ROANOKE TIMES 
                      Copyright (c) 1997, Roanoke Times

DATE: Sunday, April 20, 1997                 TAG: 9704220004
SECTION: SPORTS                   PAGE: C-7  EDITION: METRO 
COLUMN: OUTDOORS
SOURCE: BILL COCHRAN


AILING HUNTER STILL ANSWERS CALL OF THE WILD

Each year it has been getting a little tougher for Bobby Fitzgerald to walk. His doctor has told him it is time to give up his crutches and move about in a wheelchair.

Bobby, 15, has dystonia, an impairment of the muscular system. He also has determination. So does his dad, Jim, his favorite hunting partner.

At 5:30 a.m. on the opening day of the spring gobbler season, Jim loaded Bobby onto a two-wheel cart, the kind used to haul deer out of the deep woods.
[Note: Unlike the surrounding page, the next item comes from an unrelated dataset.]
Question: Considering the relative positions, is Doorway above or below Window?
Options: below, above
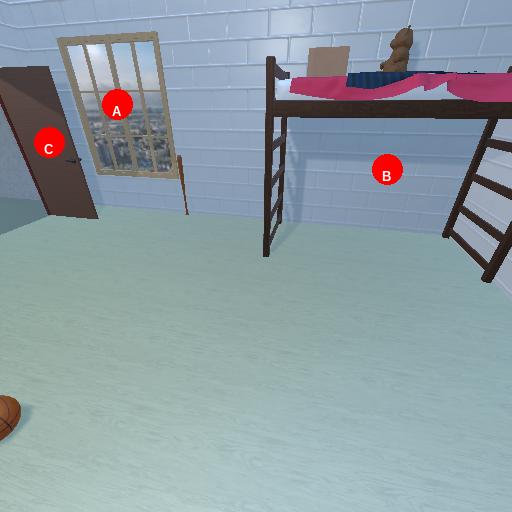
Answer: below

There was just enough light in the Franklin County woods to maneuver the cart along a faint pathway to a knoll where Jim knew a tom was waiting. He could picture an old gobbler gripping a roosting tree, because on a scouting trip the previous evening he'd heard it fly up on powerful wings that rattled the tree branches. A farm dog had barked in the distance and the gobbler had sounded off as if to reassert its kingship of the woods.

``I heard it one time,'' Jim said.

That was enough.

``It was kind of on a ridge where I had killed one last spring,'' said Jim, who lives in Roanoke County. ``I figured it was a good spot for them to go, because there is kind of a little high knob right there.''

The trip with Bobby in tow was close to a half-mile, then the terrain turned rough and Jim had to carry Bobby the final 50 yards to a spot he wanted to set up for calling.

``He weighs 170 pounds, which is 10 pounds more than I weigh,'' Jim said of his son.

It was on a turkey hunt a couple of seasons earlier that Jim first noticed Bobby had a problem.

``We were sitting still and I noticed his leg was jumping in the leaves,'' Jim said. ``I asked him what it was. We thought maybe it was just a muscle spasm. We had been up some real steep terrain.''

The first doctor who was consulted said it was nothing. ``He told us it was in Bobby's head. He was just imagining he had a problem,'' Jim said.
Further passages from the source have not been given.